Calcium phosphate (CaP) stones account for about 15% of all
urinary stones, with a marked female preponderance, and reflect a wide diversity of etiology. Variation of the relative prevalence of CaP
urolithiasis over time is disputed, and relevance of CaP stone analysis for etiologic diagnosis is underestimated or even negated. Based on the analysis of more than 50,000 stones over the past three decades, we evaluated the changes in the relative proportion of CaP stones between 1980-1989 (period 1) and 2000-2009 (period 2). In addition, using morphologic examination combined with Fourier-transform infrared analysis, we assessed the associations between CaP stone analysis and etiopathogenic factors. Between periods 1 and 2, the overall proportion of
struvite-free stones remained essentially unchanged (11.6 vs. 11.1%), with a decreasing proportion of
carbapatite stones (10.6 vs. 8.4%, p < 0.001) and a rising proportion of
brushite stones (0.8 vs. 2.2%, p < 0.001).

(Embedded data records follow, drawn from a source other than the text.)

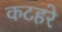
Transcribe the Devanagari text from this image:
कटहरे
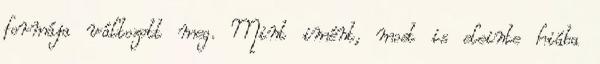
formája változott meg. Mint imént, most is eleinte hiába
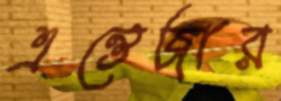
এন্তেজার
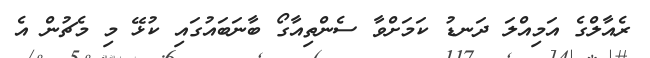
ރެއާލްގެ އަމިއްލަ ދަނޑު ކަމަށްވާ ސެންތިއާގޯ ބާނަބައުގައި ކުޅޭ މި މެޗުން އެ
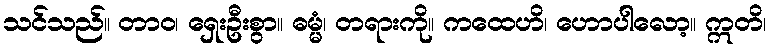
သင်သည်။ တာဝ၊ ရှေးဦးစွာ။ ဓမ္မံ၊ တရားကို။ ကထေဟိ၊ ဟောပါလော့။ ဣတိ၊
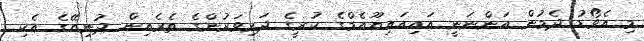
މި އެވޯޑު ދެމުން އަންނަނީ އައިއައިޔޫއެމްގެ ކުރީގެ ދަރިވަރުންގެ ތެރެއިން ދުނިޔޭގެ އެކި
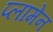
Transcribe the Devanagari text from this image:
प्लामेन
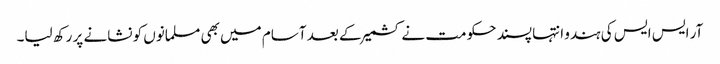
آر ایس ایس کی ہندو انتہا پسند حکومت نے کشمیر کے بعد آسام میں بھی مسلمانوں کو نشانے پر رکھ لیا۔
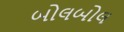
બોલબોલ
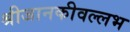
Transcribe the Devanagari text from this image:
श्रीजानकीवल्लभ
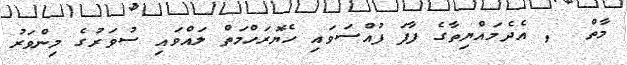
މާތް
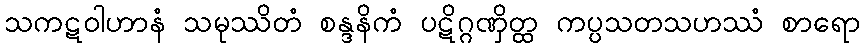
သကဋဝါဟာနံ သမုဿိတံ စန္ဒနိကံ ပဋိဂ္ဂဏှိတ္ထ ကပ္ပသတသဟဿံ စာရော
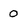
Character: 0
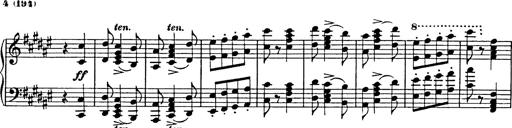
Title: Hungarian Rhapsody No.18
Composer: Franz Liszt
Key: F-sharp minor
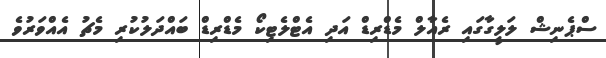
ސްޕެނިޝް ލަލީގާގައި ރެއާލް މެޑްރިޑް އަދި އެޓްލެޓިކޯ މެޑްރިޑް ބައްދަލުކުރި މެޗު އެއްވަރުވެ
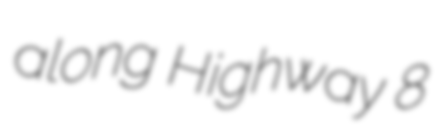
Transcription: along Highway 8
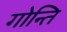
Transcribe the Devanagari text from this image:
गोन्ति
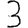
Digit: 3
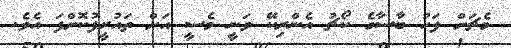
މެޗަށް ފަހު ބާސާގެ ކޯޗު އެންރިކޭ ވަނީ މެސީ އަށް ތައުރީފުކޮށްފަ އެވެ.
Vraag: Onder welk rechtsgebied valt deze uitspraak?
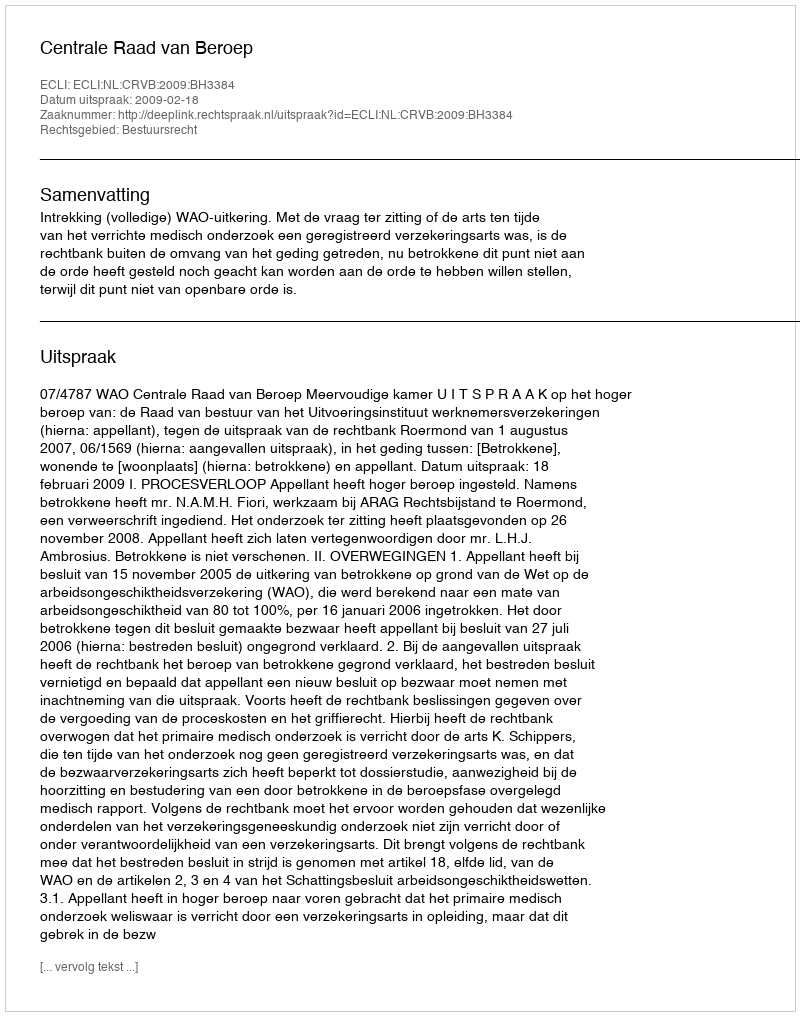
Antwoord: Bestuursrecht
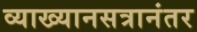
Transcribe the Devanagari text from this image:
व्याख्यानसत्रानंतर
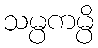
သမ္ပကမ္ပိ
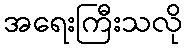
အရေးကြီးသလို
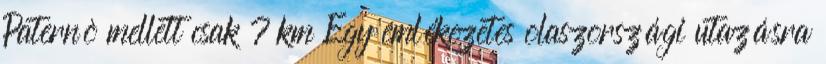
Paternò mellett csak 7 km Egy emlékezetes olaszországi utazásra
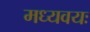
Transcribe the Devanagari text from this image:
मध्यवयः
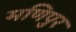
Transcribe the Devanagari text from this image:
मणिपुर
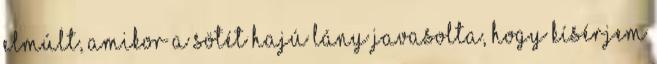
elmúlt, amikor a sötét hajú lány javasolta, hogy kísérjem
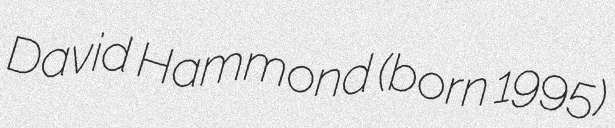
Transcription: David Hammond (born 1995)
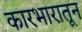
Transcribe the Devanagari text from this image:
कारभारातून
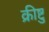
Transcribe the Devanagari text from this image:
क्रीष्टु
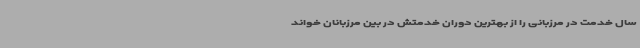
سال خدمت در مرزبانی را از بهترین دوران خدمتش در بین مرزبانان خواند
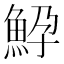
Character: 䱆
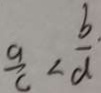
\frac { a } { c } < \frac { b } { d }
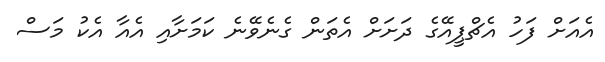
އެއަށް ފަހު އެޗްޕީއޭގެ ދަށަށް އެތަން ގެނެވޭނެ ކަމަށާއި އެއާ އެކު މަސް
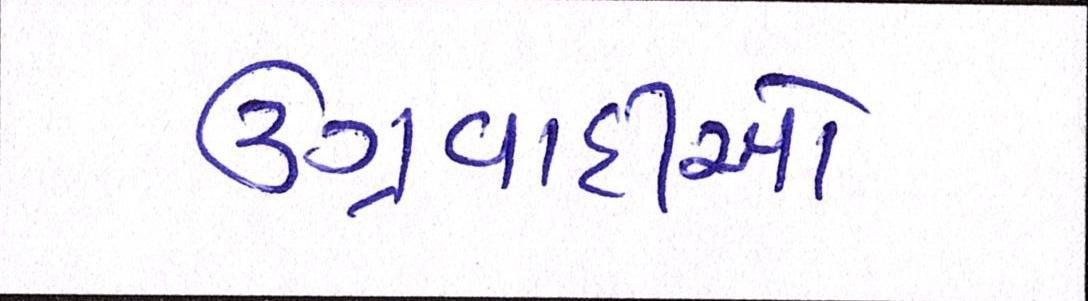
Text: ઉગ્રવાદીઓ
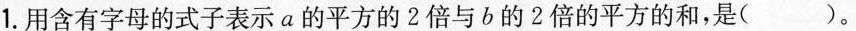
1.用含有字母的式子表示a的平方的2倍与b的2倍的平方的和，是( )。
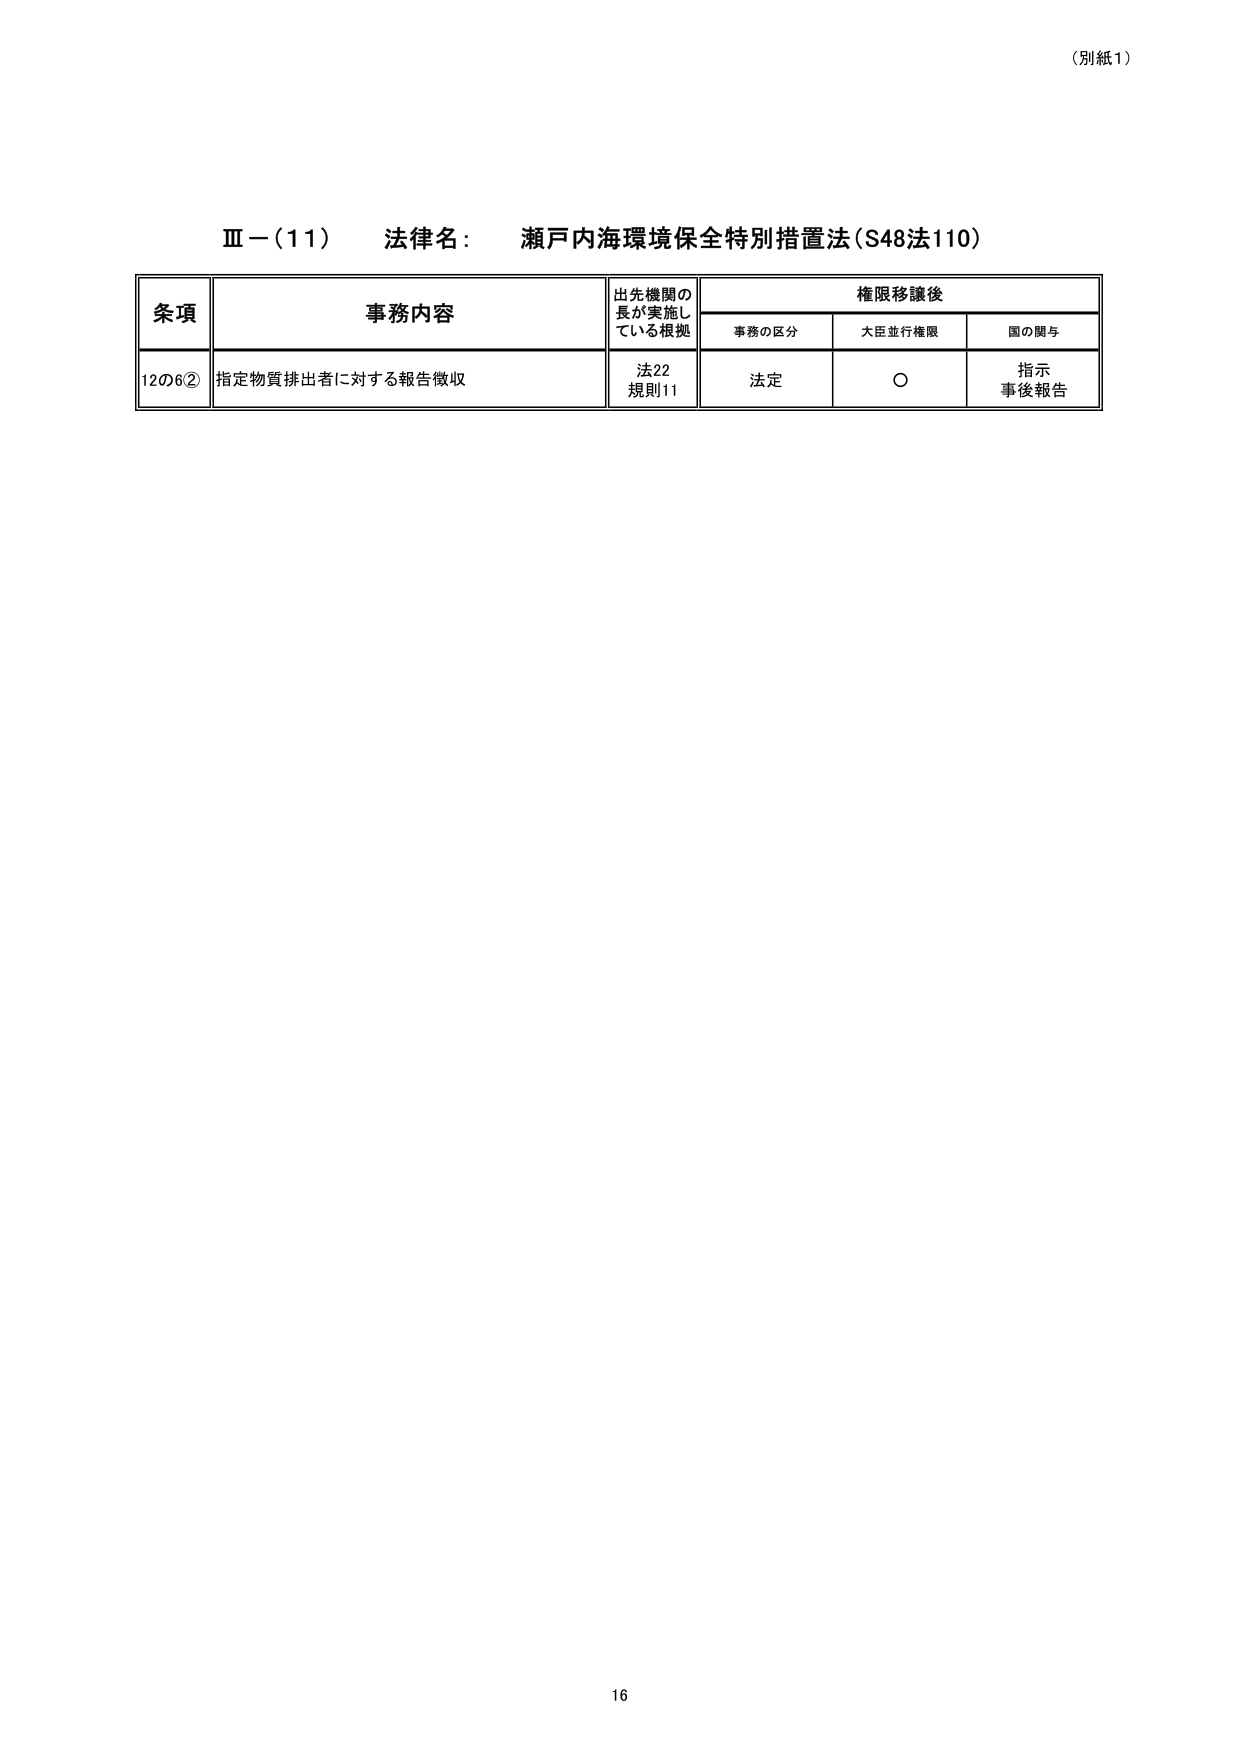
（別紙1）

Ⅲ－(11)　法律名：　瀬戸内海環境保全特別措置法（S48法110）

条項　　　　　　　事務内容　　　　　　　出先機関の長が実施している根拠　　　権限移譲後
　　　　　　　　　　　　　　　　　　　　　　　　　　　　　　　　　　事務の区分　　大臣並行権限　　国の関与

12の6②　指定物質排出者に対する報告徴収　　法22　　　　　法定　　　　　○　　　　　指示
　　　　　　　　　　　　　　　　　　　　規則11　　　　　　　　　　　　　　　　　事後報告

16
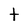
Character: t
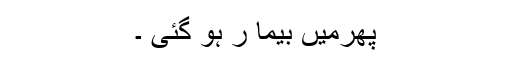
پھرمیں بیما ر ہو گئی ۔
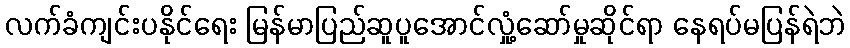
လက်ခံကျင်းပနိုင်ရေး မြန်မာပြည်ဆူပူအောင်လှုံ့ဆော်မှုဆိုင်ရာ နေရပ်မပြန်ရဲဘဲ
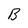
Character: B
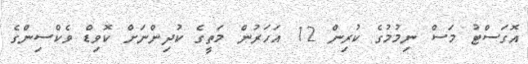
އޮގަަސްޓު މަސް ނިމުމުގެ ކުރިން 12 އަހަރުން މަތީގެ ކުދިންނަށް ކޮވިޑް ވެކްސިންގެ
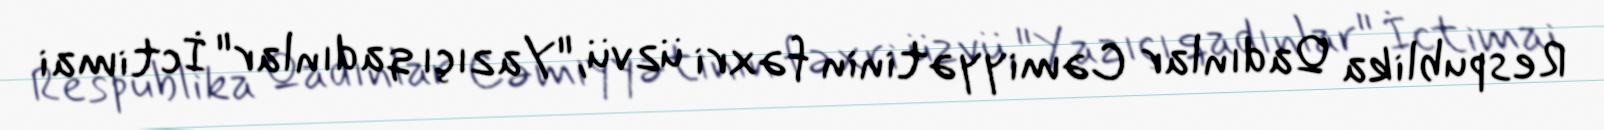
Respublika Qadınlar Cəmiyyətinin fəxri üzvü, "Yazıçı qadınlar" İctimai
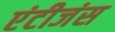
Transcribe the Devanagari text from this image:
एंटीजंस
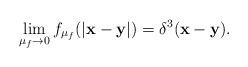
LaTeX: \begin{align*}\lim_{\mu_{f}\to 0}f_{\mu_{f}}(|{\bf x-y}|)=\delta^{3}({\bf x-y}).\end{align*}
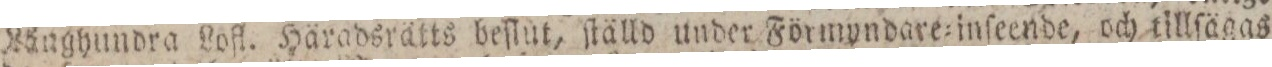
Långhundra Lofl. Häradsrätts beſlut, ſtälld under Förmyndare=inſeende, och tillſägas
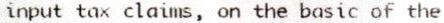
INPUT TAX CLAIMS, ON THE BASIC OF THE
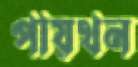
পায়থন
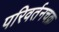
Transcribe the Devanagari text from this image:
परिवर्तनचक्र
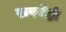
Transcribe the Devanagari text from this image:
रुपयेही
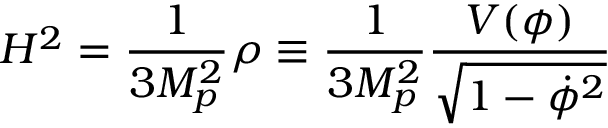
H ^ { 2 } = { \frac { 1 } { 3 M _ { p } ^ { 2 } } } \rho \equiv { \frac { 1 } { 3 M _ { p } ^ { 2 } } } { \frac { V ( \phi ) } { \sqrt { 1 - \dot { \phi } ^ { 2 } } } }
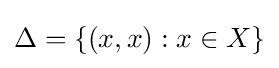
\Delta =\{(x,x):x\in X\}
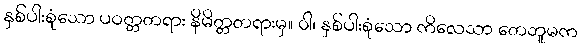
နှစ်ပါးစုံသော ပဝတ္တတရား နိမိတ္တတရားမှ။ ဝါ၊ နှစ်ပါးစုံသော ကိလေသာ တေဘူမက
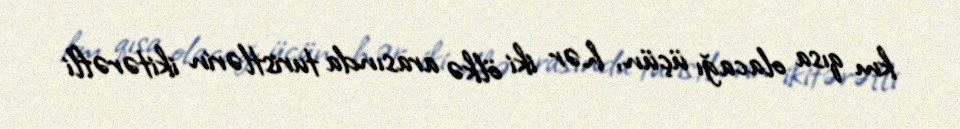
km qısa olacağı üçün, hər iki ölkə arasında turistlərin ikitərəfli
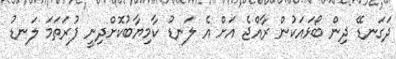
ދަގަނޑޭ ދިން ބޯޅައަކުން ރާއްޖެ އަށް އެ ލަނޑު ކާމިޔާބުކޮށްދިނީ ފުރަތަމަ ލަނޑު
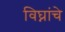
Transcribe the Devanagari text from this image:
विघ्नांचे
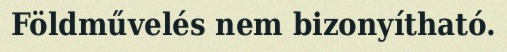
Földművelés nem bizonyítható.
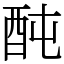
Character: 䣩
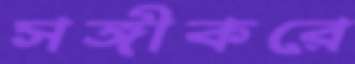
সঙ্গীকরে
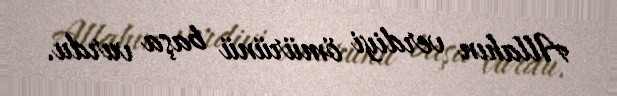
Allahın verdiyi ömürünü başa vurdu.
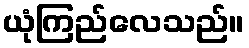
ယုံကြည်လေသည်။
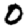
Digit: 0
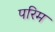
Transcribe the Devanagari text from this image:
परिम
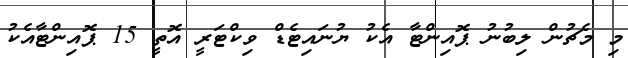
މި މެޗުން ލިބުނު ޕޮއިންޓާ އެކު ޔުނައިޓެޑް ވިކްޓަރީ އޮތީ 15 ޕޮއިންޓާއެކު
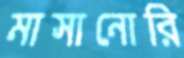
মাসানোরি
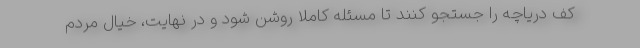
کف دریاچه را جستجو کنند تا مسئله کاملا روشن شود و در نهایت، خیال مردم
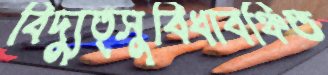
বিদ্যুত্সুবিধাবঞ্চিত
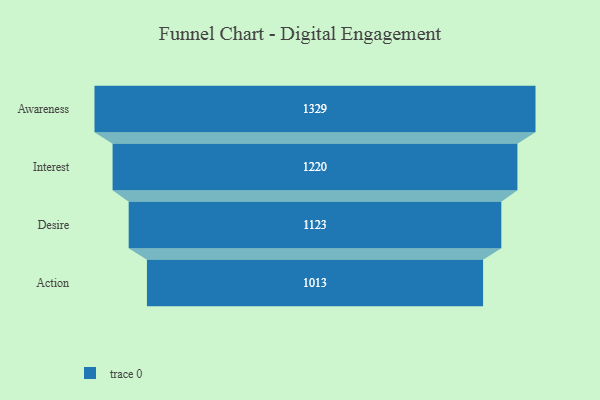
{"axis": {"x": "Stage", "y": "Value"}, "legend": [""], "data": [{"x": "Awareness", "y": 1329.0, "type": ""}, {"x": "Interest", "y": 1220.0, "type": ""}, {"x": "Desire", "y": 1123.0, "type": ""}, {"x": "Action", "y": 1013.0, "type": ""}]}
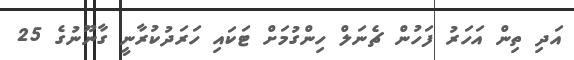
އަދި ތިން އަހަރު ފަހުން ޗެނަލް ހިންގުމަށް ޓަކައި ހަރަދުކުރާނީ ގާނޫނުގެ 25
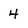
Character: 4
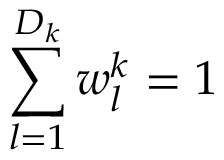
\sum _ { l = 1 } ^ { D _ { k } } w _ { l } ^ { k } = 1
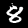
Label: 8
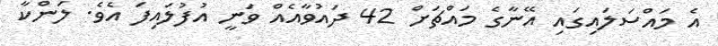
އެ މައްސަލައިގައި އޭނާގެ މައްޗަށް 42 ދައުވާއެއް ވަނީ އުފުލައިފަ އެވެ. ލަންކާ
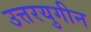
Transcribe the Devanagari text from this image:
उत्तरयुगीन
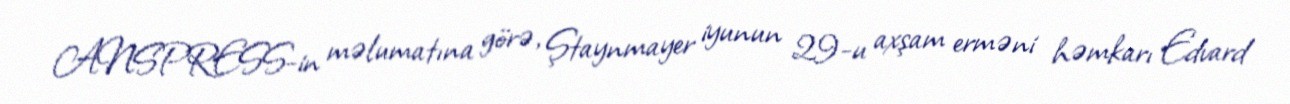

Hypercalciuria was associated with 87% of
brushite, and 60% of
carbapatite stones.
Urinary tract infection was associated with presence of minor amounts of
struvite and/or with a carbonation rate of
carbapatite > 15%. In CaP stones associated with
primary hyperparathyroidism, the main component was
carbapatite in 66.9% and
brushite in 29.1% of cases.
Distal renal tubular acidosis was always associated with
carbapatite stones exhibiting a peculiar, virtually pathognomonic, morphology. In conclusion, comprehensive analysis of stones involving morphologic examination is of clinical relevance for improved etiologic evaluation of patients with CaP
urolithiasis.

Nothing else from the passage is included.